Exercise — None of the images should appear in your copy. Transcribe the data in full.

(Records from a data collection)
========

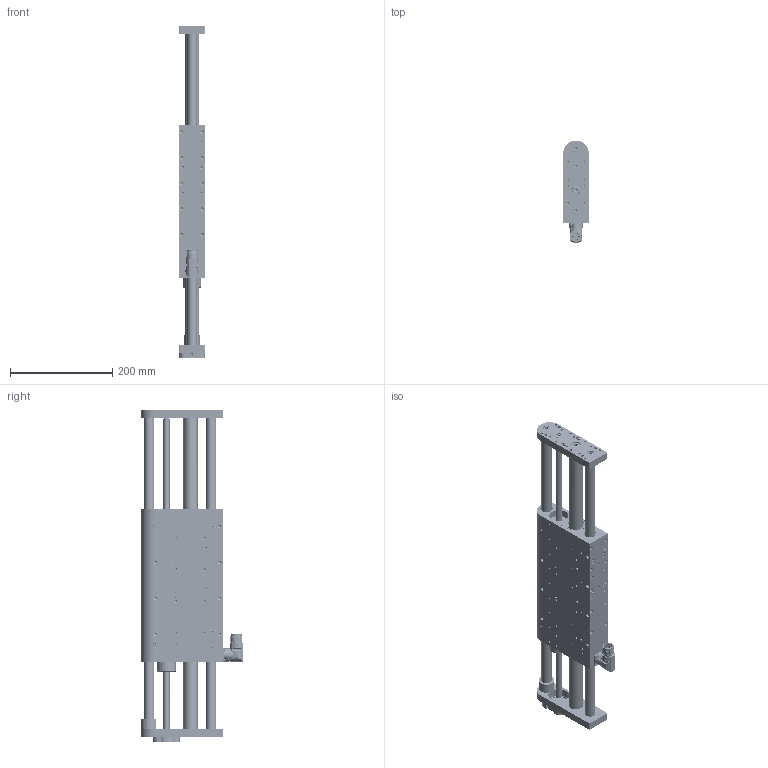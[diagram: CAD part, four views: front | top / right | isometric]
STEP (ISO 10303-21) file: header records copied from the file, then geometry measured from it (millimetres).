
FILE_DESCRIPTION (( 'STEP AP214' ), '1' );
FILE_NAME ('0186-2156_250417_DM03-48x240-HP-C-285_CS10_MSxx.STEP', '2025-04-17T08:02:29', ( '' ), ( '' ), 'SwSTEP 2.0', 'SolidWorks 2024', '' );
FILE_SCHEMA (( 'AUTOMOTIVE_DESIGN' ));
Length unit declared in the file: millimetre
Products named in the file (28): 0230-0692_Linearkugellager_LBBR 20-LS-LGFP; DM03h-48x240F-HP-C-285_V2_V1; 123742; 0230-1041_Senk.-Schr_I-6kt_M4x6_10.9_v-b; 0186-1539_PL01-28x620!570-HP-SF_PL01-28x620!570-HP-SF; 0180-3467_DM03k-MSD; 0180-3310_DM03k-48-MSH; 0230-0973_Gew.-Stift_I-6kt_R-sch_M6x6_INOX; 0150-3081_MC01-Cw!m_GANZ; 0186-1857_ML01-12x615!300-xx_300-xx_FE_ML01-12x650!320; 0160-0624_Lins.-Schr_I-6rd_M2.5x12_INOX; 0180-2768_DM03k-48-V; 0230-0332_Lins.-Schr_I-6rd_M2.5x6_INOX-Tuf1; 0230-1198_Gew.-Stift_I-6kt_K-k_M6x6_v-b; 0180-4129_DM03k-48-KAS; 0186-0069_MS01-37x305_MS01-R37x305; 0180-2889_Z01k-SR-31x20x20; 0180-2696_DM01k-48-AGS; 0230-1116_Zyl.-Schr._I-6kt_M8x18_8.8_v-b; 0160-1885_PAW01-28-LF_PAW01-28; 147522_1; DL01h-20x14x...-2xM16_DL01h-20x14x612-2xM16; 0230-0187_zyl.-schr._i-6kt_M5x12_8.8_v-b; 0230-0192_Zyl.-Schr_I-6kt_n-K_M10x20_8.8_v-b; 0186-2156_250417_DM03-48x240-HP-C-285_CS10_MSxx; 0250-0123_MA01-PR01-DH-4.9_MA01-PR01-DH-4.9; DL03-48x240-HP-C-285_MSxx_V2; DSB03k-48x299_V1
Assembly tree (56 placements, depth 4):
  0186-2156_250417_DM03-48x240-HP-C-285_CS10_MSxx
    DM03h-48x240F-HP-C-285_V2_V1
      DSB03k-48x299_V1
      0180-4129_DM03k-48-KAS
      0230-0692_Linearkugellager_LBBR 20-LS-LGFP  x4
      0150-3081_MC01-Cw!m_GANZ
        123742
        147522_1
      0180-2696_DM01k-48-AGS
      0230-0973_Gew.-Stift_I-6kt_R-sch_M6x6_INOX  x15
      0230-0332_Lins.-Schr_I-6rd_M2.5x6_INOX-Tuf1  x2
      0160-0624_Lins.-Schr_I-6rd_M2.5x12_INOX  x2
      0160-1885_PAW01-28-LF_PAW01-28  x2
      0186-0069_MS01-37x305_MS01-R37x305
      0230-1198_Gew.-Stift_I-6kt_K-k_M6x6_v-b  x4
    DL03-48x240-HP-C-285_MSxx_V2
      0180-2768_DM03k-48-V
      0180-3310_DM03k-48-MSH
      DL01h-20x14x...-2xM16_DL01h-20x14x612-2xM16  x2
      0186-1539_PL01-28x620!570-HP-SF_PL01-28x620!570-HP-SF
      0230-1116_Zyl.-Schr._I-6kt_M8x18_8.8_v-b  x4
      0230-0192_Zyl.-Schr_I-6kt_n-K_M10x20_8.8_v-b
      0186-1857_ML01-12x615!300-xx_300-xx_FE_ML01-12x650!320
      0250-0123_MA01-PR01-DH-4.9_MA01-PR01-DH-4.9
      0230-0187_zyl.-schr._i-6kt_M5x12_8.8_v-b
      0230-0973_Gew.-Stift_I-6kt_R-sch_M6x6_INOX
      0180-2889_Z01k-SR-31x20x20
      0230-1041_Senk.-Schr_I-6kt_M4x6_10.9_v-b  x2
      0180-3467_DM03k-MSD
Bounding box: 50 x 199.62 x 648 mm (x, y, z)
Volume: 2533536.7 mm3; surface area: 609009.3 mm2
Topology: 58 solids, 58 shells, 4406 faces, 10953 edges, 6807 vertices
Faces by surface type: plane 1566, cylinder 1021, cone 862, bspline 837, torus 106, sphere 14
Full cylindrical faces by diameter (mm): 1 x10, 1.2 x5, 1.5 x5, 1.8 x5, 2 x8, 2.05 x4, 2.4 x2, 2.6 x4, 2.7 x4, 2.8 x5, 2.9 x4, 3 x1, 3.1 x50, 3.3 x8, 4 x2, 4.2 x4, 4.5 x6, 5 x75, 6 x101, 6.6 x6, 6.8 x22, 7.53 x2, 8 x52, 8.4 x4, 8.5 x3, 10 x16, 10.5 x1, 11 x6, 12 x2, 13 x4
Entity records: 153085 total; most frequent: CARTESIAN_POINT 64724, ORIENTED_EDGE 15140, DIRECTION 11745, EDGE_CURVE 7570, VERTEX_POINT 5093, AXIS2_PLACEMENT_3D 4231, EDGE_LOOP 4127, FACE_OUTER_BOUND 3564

========

Exercise result —
[diagram: CAD part, four views: front | top / right | isometric]
STEP (ISO 10303-21) file: header records copied from the file, then geometry measured from it (millimetres).
FILE_DESCRIPTION (( 'STEP AP214' ), '1' );
FILE_NAME ('0186-2156_250417_DM03-48x240-HP-C-285_CS10_MSxx.STEP', '2025-04-17T08:02:29', ( '' ), ( '' ), 'SwSTEP 2.0', 'SolidWorks 2024', '' );
FILE_SCHEMA (( 'AUTOMOTIVE_DESIGN' ));
Length unit declared in the file: millimetre
Products named in the file (28): 0230-0692_Linearkugellager_LBBR 20-LS-LGFP; DM03h-48x240F-HP-C-285_V2_V1; 123742; 0230-1041_Senk.-Schr_I-6kt_M4x6_10.9_v-b; 0186-1539_PL01-28x620!570-HP-SF_PL01-28x620!570-HP-SF; 0180-3467_DM03k-MSD; 0180-3310_DM03k-48-MSH; 0230-0973_Gew.-Stift_I-6kt_R-sch_M6x6_INOX; 0150-3081_MC01-Cw!m_GANZ; 0186-1857_ML01-12x615!300-xx_300-xx_FE_ML01-12x650!320; 0160-0624_Lins.-Schr_I-6rd_M2.5x12_INOX; 0180-2768_DM03k-48-V; 0230-0332_Lins.-Schr_I-6rd_M2.5x6_INOX-Tuf1; 0230-1198_Gew.-Stift_I-6kt_K-k_M6x6_v-b; 0180-4129_DM03k-48-KAS; 0186-0069_MS01-37x305_MS01-R37x305; 0180-2889_Z01k-SR-31x20x20; 0180-2696_DM01k-48-AGS; 0230-1116_Zyl.-Schr._I-6kt_M8x18_8.8_v-b; 0160-1885_PAW01-28-LF_PAW01-28; 147522_1; DL01h-20x14x...-2xM16_DL01h-20x14x612-2xM16; 0230-0187_zyl.-schr._i-6kt_M5x12_8.8_v-b; 0230-0192_Zyl.-Schr_I-6kt_n-K_M10x20_8.8_v-b; 0186-2156_250417_DM03-48x240-HP-C-285_CS10_MSxx; 0250-0123_MA01-PR01-DH-4.9_MA01-PR01-DH-4.9; DL03-48x240-HP-C-285_MSxx_V2; DSB03k-48x299_V1
Assembly tree (56 placements, depth 4):
  0186-2156_250417_DM03-48x240-HP-C-285_CS10_MSxx
    DM03h-48x240F-HP-C-285_V2_V1
      DSB03k-48x299_V1
      0180-4129_DM03k-48-KAS
      0230-0692_Linearkugellager_LBBR 20-LS-LGFP  x4
      0150-3081_MC01-Cw!m_GANZ
        123742
        147522_1
      0180-2696_DM01k-48-AGS
      0230-0973_Gew.-Stift_I-6kt_R-sch_M6x6_INOX  x15
      0230-0332_Lins.-Schr_I-6rd_M2.5x6_INOX-Tuf1  x2
      0160-0624_Lins.-Schr_I-6rd_M2.5x12_INOX  x2
      0160-1885_PAW01-28-LF_PAW01-28  x2
      0186-0069_MS01-37x305_MS01-R37x305
      0230-1198_Gew.-Stift_I-6kt_K-k_M6x6_v-b  x4
    DL03-48x240-HP-C-285_MSxx_V2
      0180-2768_DM03k-48-V
      0180-3310_DM03k-48-MSH
      DL01h-20x14x...-2xM16_DL01h-20x14x612-2xM16  x2
      0186-1539_PL01-28x620!570-HP-SF_PL01-28x620!570-HP-SF
      0230-1116_Zyl.-Schr._I-6kt_M8x18_8.8_v-b  x4
      0230-0192_Zyl.-Schr_I-6kt_n-K_M10x20_8.8_v-b
      0186-1857_ML01-12x615!300-xx_300-xx_FE_ML01-12x650!320
      0250-0123_MA01-PR01-DH-4.9_MA01-PR01-DH-4.9
      0230-0187_zyl.-schr._i-6kt_M5x12_8.8_v-b
      0230-0973_Gew.-Stift_I-6kt_R-sch_M6x6_INOX
      0180-2889_Z01k-SR-31x20x20
      0230-1041_Senk.-Schr_I-6kt_M4x6_10.9_v-b  x2
      0180-3467_DM03k-MSD
Bounding box: 50 x 199.62 x 648 mm (x, y, z)
Volume: 2533536.7 mm3; surface area: 609009.3 mm2
Topology: 58 solids, 58 shells, 4406 faces, 10953 edges, 6807 vertices
Faces by surface type: plane 1566, cylinder 1021, cone 862, bspline 837, torus 106, sphere 14
Full cylindrical faces by diameter (mm): 1 x10, 1.2 x5, 1.5 x5, 1.8 x5, 2 x8, 2.05 x4, 2.4 x2, 2.6 x4, 2.7 x4, 2.8 x5, 2.9 x4, 3 x1, 3.1 x50, 3.3 x8, 4 x2, 4.2 x4, 4.5 x6, 5 x75, 6 x101, 6.6 x6, 6.8 x22, 7.53 x2, 8 x52, 8.4 x4, 8.5 x3, 10 x16, 10.5 x1, 11 x6, 12 x2, 13 x4
Entity records: 153085 total; most frequent: CARTESIAN_POINT 64724, ORIENTED_EDGE 15140, DIRECTION 11745, EDGE_CURVE 7570, VERTEX_POINT 5093, AXIS2_PLACEMENT_3D 4231, EDGE_LOOP 4127, FACE_OUTER_BOUND 3564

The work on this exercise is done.